- Task directions: Only the lines holding the word "black" are wanted; copy each of them from the listing.

* * *

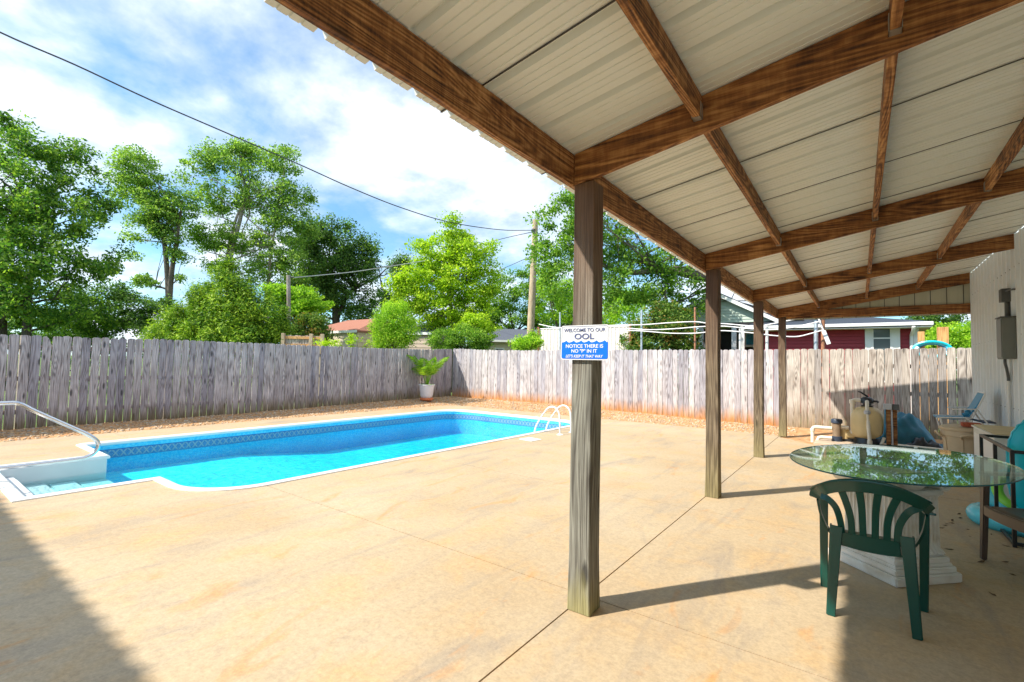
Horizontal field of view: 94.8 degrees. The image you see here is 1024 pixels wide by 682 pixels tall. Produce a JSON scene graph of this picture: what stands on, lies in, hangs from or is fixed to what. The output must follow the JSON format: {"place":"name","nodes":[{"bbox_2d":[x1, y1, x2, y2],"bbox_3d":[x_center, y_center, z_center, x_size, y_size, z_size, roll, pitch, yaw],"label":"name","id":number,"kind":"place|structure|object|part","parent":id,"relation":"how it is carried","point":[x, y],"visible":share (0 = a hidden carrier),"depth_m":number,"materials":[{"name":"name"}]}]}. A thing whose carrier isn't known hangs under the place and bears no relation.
{"place":"outdoors","nodes":[
{"label":"outdoors","id":0,"kind":"place"},
{"bbox_2d":[300,319,390,388],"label":"beige house","id":1,"kind":"structure","parent":0,"point":[355,327],"depth_m":24.27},
{"bbox_2d":[0,395,942,444],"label":"gravel bed","id":2,"kind":"object","parent":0,"point":[802,435],"visible":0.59,"depth_m":12.14,"materials":[{"name":"brown gravel"}]},
{"bbox_2d":[420,397,432,400],"bbox_3d":[-3.079,2.083,16.944,0.470,0.095,0.470,-1,-3,36],"label":"terracotta saucer","id":3,"kind":"object","parent":2,"relation":"on","point":[426,399],"visible":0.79,"depth_m":16.75,"materials":[{"name":"orange ceramic"}]},
{"bbox_2d":[419,384,434,397],"bbox_3d":[-3.074,1.804,16.957,0.590,0.485,0.590,-1,-3,36],"label":"plant pot","id":4,"kind":"object","parent":3,"relation":"on","point":[426,391],"visible":0.97,"depth_m":16.75,"materials":[{"name":"white ceramic"}]},
{"bbox_2d":[406,355,448,384],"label":"potted palm","id":5,"kind":"object","parent":4,"relation":"in","point":[430,370],"visible":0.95,"depth_m":16.83,"materials":[{"name":"green plant"}]},
{"bbox_2d":[814,438,891,444],"bbox_3d":[7.248,2.076,9.211,2.200,0.070,1.090,-1,-3,36],"label":"equipment pad","id":6,"kind":"object","parent":2,"relation":"on","point":[821,441],"visible":0.16,"depth_m":9.42,"materials":[{"name":"grey concrete"}]},
{"bbox_2d":[810,425,848,441],"bbox_3d":[6.514,1.920,9.672,0.665,0.394,0.185,-1,-3,36],"label":"return pipe","id":7,"kind":"object","parent":6,"relation":"on","point":[813,428],"visible":0.92,"depth_m":9.74,"materials":[{"name":"white plastic"}]},
{"bbox_2d":[831,418,842,441],"bbox_3d":[6.662,1.822,9.653,0.200,0.455,0.200,-1,-3,36],"label":"chlorinator","id":8,"kind":"object","parent":6,"relation":"on","point":[836,430],"visible":0.99,"depth_m":9.59,"materials":[{"name":"brown plastic"}]},
{"bbox_2d":[841,428,854,441],"bbox_3d":[6.900,1.925,9.657,0.345,0.260,0.187,-1,-3,36],"label":"pool pump","id":9,"kind":"object","parent":6,"relation":"on","point":[847,435],"visible":0.48,"depth_m":9.61,"materials":[{"name":"beige plastic"}]},
{"bbox_2d":[849,391,885,445],"bbox_3d":[7.102,1.531,9.392,0.549,1.053,0.584,1,-3,-3],"label":"sand filter","id":10,"kind":"object","parent":6,"relation":"on","point":[866,422],"visible":0.98,"depth_m":9.24,"materials":[{"name":"beige plastic"}]},
{"bbox_2d":[876,404,898,446],"bbox_3d":[7.265,1.651,9.113,0.366,0.870,0.130,-1,-3,36],"label":"switch post","id":11,"kind":"object","parent":6,"relation":"on","point":[890,416],"visible":0.92,"depth_m":9.07,"materials":[{"name":"brown wood"}]},
{"bbox_2d":[898,444,943,450],"bbox_3d":[7.656,1.991,8.722,0.782,0.068,0.068,-1,-4,41],"label":"pvc pipe","id":12,"kind":"object","parent":6,"relation":"on","point":[920,446],"visible":0.34,"depth_m":8.75,"materials":[{"name":"white plastic"}]},
{"bbox_2d":[906,437,941,447],"bbox_3d":[7.974,1.954,9.112,0.550,0.195,0.260,-1,-3,36],"label":"black bag","id":13,"kind":"object","parent":6,"relation":"on","point":[921,441],"visible":0.87,"depth_m":9.05,"materials":[{"name":"plastic"}]},
{"bbox_2d":[880,412,942,447],"bbox_3d":[8.173,1.784,9.630,1.140,0.632,0.950,-1,-3,36],"label":"pool cover","id":14,"kind":"object","parent":2,"relation":"on","point":[910,427],"visible":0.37,"depth_m":9.43,"materials":[{"name":"blue plastic"}]},
{"bbox_2d":[2,354,957,431],"bbox_3d":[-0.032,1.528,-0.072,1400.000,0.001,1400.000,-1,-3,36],"label":"ground","id":15,"kind":"structure","parent":0,"point":[226,399],"depth_m":18.70,"materials":[{"name":"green plant"}]},
{"bbox_2d":[0,108,137,390],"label":"broadleaf tree","id":16,"kind":"object","parent":15,"relation":"on","point":[31,206],"visible":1,"depth_m":18.59,"materials":[{"name":"green plant"}]},
{"bbox_2d":[7,278,178,385],"bbox_3d":[-21.644,-0.419,23.516,10.838,5.331,4.173,1,-3,11],"label":"understory tree","id":17,"kind":"object","parent":15,"relation":"on","point":[131,318],"visible":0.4,"depth_m":22.57,"materials":[{"name":"green plant"}]},
{"bbox_2d":[99,142,207,301],"bbox_3d":[-21.453,-4.658,27.907,6.311,14.150,3.477,2,-3,-10],"label":"slender tree","id":18,"kind":"object","parent":15,"relation":"on","point":[155,212],"visible":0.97,"depth_m":27.71,"materials":[{"name":"green plant"}]},
{"bbox_2d":[134,244,304,398],"bbox_3d":[-10.769,-0.734,17.594,6.068,5.783,3.538,0,-3,24],"label":"cedar tree","id":19,"kind":"object","parent":15,"relation":"on","point":[235,312],"visible":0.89,"depth_m":16.96,"materials":[{"name":"green plant"}]},
{"bbox_2d":[0,334,451,430],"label":"fence","id":20,"kind":"object","parent":15,"relation":"on","point":[274,392],"visible":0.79,"depth_m":11.48,"materials":[{"name":"grey wood"}]},
{"bbox_2d":[170,135,321,381],"bbox_3d":[-16.886,-5.195,29.895,9.434,15.605,3.872,1,-3,1],"label":"spreading tree","id":21,"kind":"object","parent":15,"relation":"on","point":[276,207],"visible":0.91,"depth_m":29.68,"materials":[{"name":"green plant"}]},
{"bbox_2d":[286,275,293,331],"bbox_3d":[-8.776,-0.199,18.457,0.297,4.778,0.260,2,-3,-11],"label":"short pole","id":22,"kind":"object","parent":15,"relation":"on","point":[288,282],"visible":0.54,"depth_m":18.45,"materials":[{"name":"grey wood"}]},
{"bbox_2d":[294,260,424,277],"bbox_3d":[-6.544,-3.202,20.841,0.304,1.776,6.227,-1,-4,45],"label":"pole line","id":23,"kind":"object","parent":22,"relation":"attached to","point":[357,271],"visible":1,"depth_m":20.67,"materials":[{"name":"metal"}]},
{"bbox_2d":[257,282,335,326],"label":"dogwood tree","id":24,"kind":"object","parent":15,"relation":"on","point":[308,304],"visible":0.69,"depth_m":22.51,"materials":[{"name":"green plant"}]},
{"bbox_2d":[281,333,324,399],"bbox_3d":[-7.492,0.937,16.757,1.527,2.402,0.110,1,-3,0],"label":"back fence","id":25,"kind":"object","parent":15,"relation":"on","point":[296,340],"visible":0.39,"depth_m":16.80,"materials":[{"name":"brown wood"}]},
{"bbox_2d":[291,309,339,345],"bbox_3d":[-8.172,0.477,18.919,2.074,3.599,1.739,-1,-3,36],"label":"photinia shrub","id":26,"kind":"object","parent":15,"relation":"on","point":[317,326],"visible":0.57,"depth_m":18.81,"materials":[{"name":"green plant"}]},
{"bbox_2d":[311,333,374,350],"bbox_3d":[-5.850,0.947,16.213,2.245,2.500,0.810,2,-3,-7],"label":"sprout shrub","id":27,"kind":"object","parent":15,"relation":"on","point":[325,343],"visible":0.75,"depth_m":16.14,"materials":[{"name":"green plant"}]},
{"bbox_2d":[272,212,415,325],"bbox_3d":[-11.881,-3.162,34.683,10.966,12.206,6.448,3,-3,-26],"label":"oak tree","id":28,"kind":"object","parent":15,"relation":"on","point":[342,259],"visible":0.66,"depth_m":33.48,"materials":[{"name":"green plant"}]},
{"bbox_2d":[365,297,422,371],"bbox_3d":[-4.704,0.274,18.733,2.383,4.132,1.944,-1,-3,36],"label":"round bush","id":29,"kind":"object","parent":15,"relation":"on","point":[393,335],"visible":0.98,"depth_m":18.46,"materials":[{"name":"green plant"}]},
{"bbox_2d":[397,325,446,388],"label":"garden shed","id":30,"kind":"structure","parent":15,"relation":"on","point":[418,343],"depth_m":23.85,"materials":[{"name":"beige"}]},
{"bbox_2d":[381,210,510,391],"bbox_3d":[-3.439,-2.038,23.968,6.296,9.297,4.001,0,-3,22],"label":"lime tree","id":31,"kind":"object","parent":15,"relation":"on","point":[456,253],"visible":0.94,"depth_m":23.54,"materials":[{"name":"green plant"}]},
{"bbox_2d":[423,322,495,351],"bbox_3d":[-2.332,0.817,20.798,3.399,3.343,1.923,1,-3,10],"label":"bush","id":32,"kind":"object","parent":15,"relation":"on","point":[456,339],"visible":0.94,"depth_m":20.46,"materials":[{"name":"green plant"}]},
{"bbox_2d":[450,312,502,340],"bbox_3d":[-1.661,0.595,21.466,2.380,3.877,1.813,-1,-3,36],"label":"lime shrub","id":33,"kind":"object","parent":15,"relation":"on","point":[483,323],"visible":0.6,"depth_m":21.19,"materials":[{"name":"green plant"}]},
{"bbox_2d":[17,315,956,384],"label":"woods","id":34,"kind":"object","parent":15,"relation":"on","point":[329,320],"visible":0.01,"depth_m":62.19,"materials":[{"name":"green plant"}]},
{"bbox_2d":[506,328,543,350],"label":"bush","id":35,"kind":"object","parent":15,"relation":"on","point":[530,342],"visible":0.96,"depth_m":18.31,"materials":[{"name":"green plant"}]},
{"bbox_2d":[477,261,573,329],"bbox_3d":[1.522,-1.403,36.652,11.562,9.443,5.614,2,-3,-17],"label":"backdrop tree","id":36,"kind":"object","parent":15,"relation":"on","point":[505,305],"visible":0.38,"depth_m":35.63,"materials":[{"name":"green plant"}]},
{"bbox_2d":[527,219,537,390],"bbox_3d":[0.956,-1.656,23.027,0.422,8.549,0.774,2,-3,-22],"label":"utility pole","id":37,"kind":"object","parent":15,"relation":"on","point":[531,306],"visible":0.35,"depth_m":22.87,"materials":[{"name":"brown wood"}]},
{"bbox_2d":[0,32,532,230],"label":"power cable","id":38,"kind":"object","parent":37,"relation":"attached to","point":[226,132],"visible":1,"depth_m":12.22,"materials":[{"name":"black rubber"}]},
{"bbox_2d":[537,228,648,240],"bbox_3d":[3.755,-4.466,19.563,8.408,2.287,1.257,-1,-4,45],"label":"house wire","id":39,"kind":"object","parent":37,"relation":"attached to","point":[613,236],"visible":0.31,"depth_m":18.31,"materials":[{"name":"metal"}]},
{"bbox_2d":[537,324,631,400],"bbox_3d":[2.713,0.908,18.422,4.120,3.045,0.135,-1,-3,36],"label":"metal screen","id":40,"kind":"object","parent":15,"relation":"on","point":[550,337],"visible":0.12,"depth_m":17.81,"materials":[{"name":"metal"}]},
{"bbox_2d":[535,261,650,326],"bbox_3d":[4.377,-0.721,26.108,7.335,7.198,3.548,2,-3,-21],"label":"willow shrub","id":41,"kind":"object","parent":15,"relation":"on","point":[614,319],"visible":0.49,"depth_m":25.39,"materials":[{"name":"green plant"}]},
{"bbox_2d":[523,186,745,323],"bbox_3d":[7.533,-2.407,18.956,14.286,10.020,4.382,1,-3,2],"label":"pecan tree","id":42,"kind":"object","parent":15,"relation":"on","point":[656,265],"visible":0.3,"depth_m":18.73,"materials":[{"name":"green plant"}]},
{"bbox_2d":[615,293,704,408],"bbox_3d":[5.354,0.334,17.147,3.194,4.284,2.055,1,-3,14],"label":"magnolia shrub","id":43,"kind":"object","parent":15,"relation":"on","point":[672,312],"visible":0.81,"depth_m":16.83,"materials":[{"name":"green leaves"},{"name":"grey bark"}]},
{"bbox_2d":[539,307,830,424],"bbox_3d":[4.868,0.593,15.655,9.527,3.502,0.312,-1,-3,36],"label":"clothesline","id":44,"kind":"object","parent":15,"relation":"on","point":[824,337],"visible":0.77,"depth_m":14.23,"materials":[{"name":"metal"}]},
{"bbox_2d":[452,347,972,439],"bbox_3d":[3.803,1.295,14.500,15.298,2.147,0.180,-1,-3,36],"label":"fence","id":45,"kind":"object","parent":15,"relation":"on","point":[681,382],"visible":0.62,"depth_m":12.65,"materials":[{"name":"grey wood"}]},
{"bbox_2d":[685,293,804,402],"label":"green house","id":46,"kind":"structure","parent":15,"relation":"on","point":[733,311],"depth_m":19.06,"materials":[{"name":"pale green siding"},{"name":"grey shingle"},{"name":"white paint"}]},
{"bbox_2d":[745,332,753,346],"bbox_3d":[10.382,-0.073,20.421,0.631,0.677,0.090,-1,-3,36],"label":"window","id":47,"kind":"structure","parent":46,"relation":"in","point":[749,337],"depth_m":20.43,"materials":[{"name":"teal glass"}]},
{"bbox_2d":[745,317,933,413],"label":"red house","id":48,"kind":"structure","parent":15,"relation":"on","point":[868,333],"depth_m":15.37,"materials":[{"name":"red wood"}]},
{"bbox_2d":[871,326,892,381],"bbox_3d":[11.728,0.405,14.917,0.523,1.805,0.075,-1,-3,36],"label":"window","id":49,"kind":"structure","parent":48,"relation":"in","point":[880,338],"depth_m":14.93,"materials":[{"name":"white glass"}]},
{"bbox_2d":[917,332,924,419],"bbox_3d":[11.184,1.044,12.837,0.140,2.599,0.140,-1,-3,36],"label":"timber post","id":50,"kind":"object","parent":15,"relation":"on","point":[921,336],"visible":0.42,"depth_m":12.83,"materials":[{"name":"brown wood"}]},
{"bbox_2d":[900,314,969,337],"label":"shade tree","id":51,"kind":"object","parent":15,"relation":"on","point":[939,318],"visible":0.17,"depth_m":27.59,"materials":[{"name":"green plant"}]},
{"bbox_2d":[937,327,948,408],"bbox_3d":[11.538,0.984,12.579,0.220,2.710,0.220,-1,-3,36],"label":"timber post","id":52,"kind":"object","parent":15,"relation":"on","point":[942,334],"visible":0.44,"depth_m":12.54,"materials":[{"name":"brown wood"}]},
{"bbox_2d":[912,340,951,419],"bbox_3d":[11.242,1.052,12.579,0.829,2.139,0.215,-1,-3,36],"label":"garden hose","id":53,"kind":"object","parent":52,"relation":"hanging from","point":[933,342],"visible":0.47,"depth_m":12.56,"materials":[{"name":"teal plastic"}]},
{"bbox_2d":[925,320,970,356],"bbox_3d":[22.224,1.030,22.826,4.301,4.139,2.297,1,-3,10],"label":"fence hedge","id":54,"kind":"object","parent":15,"relation":"on","point":[959,337],"visible":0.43,"depth_m":22.70,"materials":[{"name":"green plant"}]},
{"bbox_2d":[0,0,970,369],"label":"sky","id":55,"kind":"structure","parent":0,"point":[247,69],"materials":[{"name":"blue"}]},
{"bbox_2d":[475,329,536,385],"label":"distant house","id":56,"kind":"structure","parent":0,"point":[501,339],"depth_m":31.11,"materials":[{"name":"beige"}]},
{"bbox_2d":[0,406,1023,681],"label":"pool deck","id":57,"kind":"structure","parent":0,"point":[448,566],"depth_m":3.26,"materials":[{"name":"beige concrete"}]},
{"bbox_2d":[0,401,100,469],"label":"pool handrail","id":58,"kind":"object","parent":57,"relation":"on","point":[96,440],"visible":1,"depth_m":5.77,"materials":[{"name":"metal"}]},
{"bbox_2d":[0,410,569,502],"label":"swimming pool","id":59,"kind":"structure","parent":57,"relation":"in","point":[235,459],"depth_m":9.31,"materials":[{"name":"liquid"}]},
{"bbox_2d":[520,437,541,440],"bbox_3d":[0.368,1.946,9.316,0.342,0.009,0.331,-1,-4,43],"label":"skimmer lid","id":60,"kind":"object","parent":57,"relation":"on","point":[531,439],"visible":1,"depth_m":9.28,"materials":[{"name":"white paint"}]},
{"bbox_2d":[534,405,570,434],"bbox_3d":[0.906,2.045,10.400,0.780,1.258,0.618,-1,-3,36],"label":"pool ladder","id":61,"kind":"object","parent":57,"relation":"attached to","point":[567,407],"visible":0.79,"depth_m":10.36,"materials":[{"name":"white metal"}]},
{"bbox_2d":[264,0,1023,616],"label":"patio cover","id":62,"kind":"object","parent":57,"relation":"on","point":[782,160],"visible":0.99,"depth_m":2.88,"materials":[{"name":"wood"}]},
{"bbox_2d":[561,324,609,359],"bbox_3d":[0.444,0.009,2.891,0.330,0.214,0.006,-1,-3,36],"label":"pool sign","id":63,"kind":"object","parent":62,"relation":"attached to","point":[584,342],"visible":1,"depth_m":2.88,"materials":[{"name":"plastic"}]},
{"bbox_2d":[809,478,935,640],"bbox_3d":[2.253,1.264,2.969,0.625,0.856,0.508,-1,-3,36],"label":"plastic chair","id":64,"kind":"object","parent":57,"relation":"on","point":[897,545],"visible":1,"depth_m":2.84,"materials":[{"name":"green plastic"}]},
{"bbox_2d":[789,444,1023,587],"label":"glass table","id":65,"kind":"object","parent":57,"relation":"on","point":[930,474],"visible":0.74,"depth_m":3.47,"materials":[{"name":"teal"}]},
{"bbox_2d":[934,424,973,454],"bbox_3d":[6.620,1.594,6.828,0.668,0.740,0.649,2,-3,-12],"label":"trash bin","id":66,"kind":"object","parent":57,"relation":"on","point":[957,438],"visible":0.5,"depth_m":6.73,"materials":[{"name":"beige plastic"}]},
{"bbox_2d":[933,392,995,424],"bbox_3d":[6.997,1.382,7.256,0.712,1.201,0.520,-1,-3,36],"label":"beach chair","id":67,"kind":"object","parent":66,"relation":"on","point":[976,402],"visible":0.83,"depth_m":7.13,"materials":[{"name":"blue fabric"}]},
{"bbox_2d":[961,422,981,426],"bbox_3d":[6.507,1.187,6.670,0.200,0.058,0.096,0,0,31],"label":"brick","id":68,"kind":"object","parent":66,"relation":"on","point":[966,424],"visible":0.74,"depth_m":6.66,"materials":[{"name":"red brick"}]},
{"bbox_2d":[971,424,1014,499],"bbox_3d":[6.108,1.493,5.803,0.460,0.783,1.260,-1,-3,36],"label":"storage cabinet","id":69,"kind":"object","parent":57,"relation":"on","point":[978,429],"visible":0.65,"depth_m":5.75,"materials":[{"name":"white paint"}]},
{"bbox_3d":[6.102,1.521,6.153,0.003,0.600,0.520,-1,-3,36],"label":"door","id":70,"kind":"part","parent":69,"relation":"part of","materials":[{"name":"white paint"}]},
{"bbox_3d":[5.765,1.493,5.695,0.003,0.600,0.520,-1,-3,36],"label":"door","id":71,"kind":"part","parent":69,"relation":"part of","materials":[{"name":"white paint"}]},
{"bbox_2d":[965,502,1023,536],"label":"swim ring","id":72,"kind":"object","parent":57,"relation":"on","point":[972,510],"visible":0.3,"depth_m":4.63,"materials":[{"name":"teal plastic"}]},
{"bbox_2d":[979,434,1023,547],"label":"float rack","id":73,"kind":"object","parent":57,"relation":"on","point":[1013,538],"visible":0.53,"depth_m":4.31,"materials":[{"name":"brown wood"}]},
{"bbox_2d":[989,485,1010,507],"bbox_3d":[5.082,1.520,4.679,0.568,0.474,0.392,-3,-5,56],"label":"lime swim ring","id":74,"kind":"object","parent":73,"relation":"in","point":[1004,500],"visible":0.23,"depth_m":4.72,"materials":[{"name":"green plastic"}]},
{"bbox_2d":[1005,420,1023,508],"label":"upright float","id":75,"kind":"object","parent":73,"relation":"on","point":[1015,440],"visible":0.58,"depth_m":4.47,"materials":[{"name":"teal plastic"}]},
{"bbox_2d":[980,486,1023,559],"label":"resin armchair","id":76,"kind":"object","parent":57,"relation":"on","point":[1012,518],"visible":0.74,"depth_m":3.74,"materials":[{"name":"brown plastic"}]},
{"bbox_2d":[970,226,1023,426],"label":"metal building","id":77,"kind":"structure","parent":0,"point":[992,275],"depth_m":7.20,"materials":[{"name":"grey paint"}]},
{"bbox_2d":[995,288,1016,426],"bbox_3d":[6.752,0.601,6.415,0.152,2.650,0.402,-1,-3,36],"label":"electrical panel","id":78,"kind":"object","parent":77,"relation":"attached to","point":[1006,337],"visible":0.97,"depth_m":6.39,"materials":[{"name":"grey paint"}]},
{"bbox_2d":[996,319,1001,357],"bbox_3d":[6.719,-0.032,6.493,0.005,0.520,0.270,-1,-3,36],"label":"door","id":79,"kind":"structure","parent":78,"relation":"in","point":[998,323],"depth_m":6.47,"materials":[{"name":"grey paint"}]}
]}

* * *

- Reply to the exercise:
{"bbox_2d":[906,437,941,447],"bbox_3d":[7.974,1.954,9.112,0.550,0.195,0.260,-1,-3,36],"label":"black bag","id":13,"kind":"object","parent":6,"relation":"on","point":[921,441],"visible":0.87,"depth_m":9.05,"materials":[{"name":"plastic"}]},
{"bbox_2d":[0,32,532,230],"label":"power cable","id":38,"kind":"object","parent":37,"relation":"attached to","point":[226,132],"visible":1,"depth_m":12.22,"materials":[{"name":"black rubber"}]},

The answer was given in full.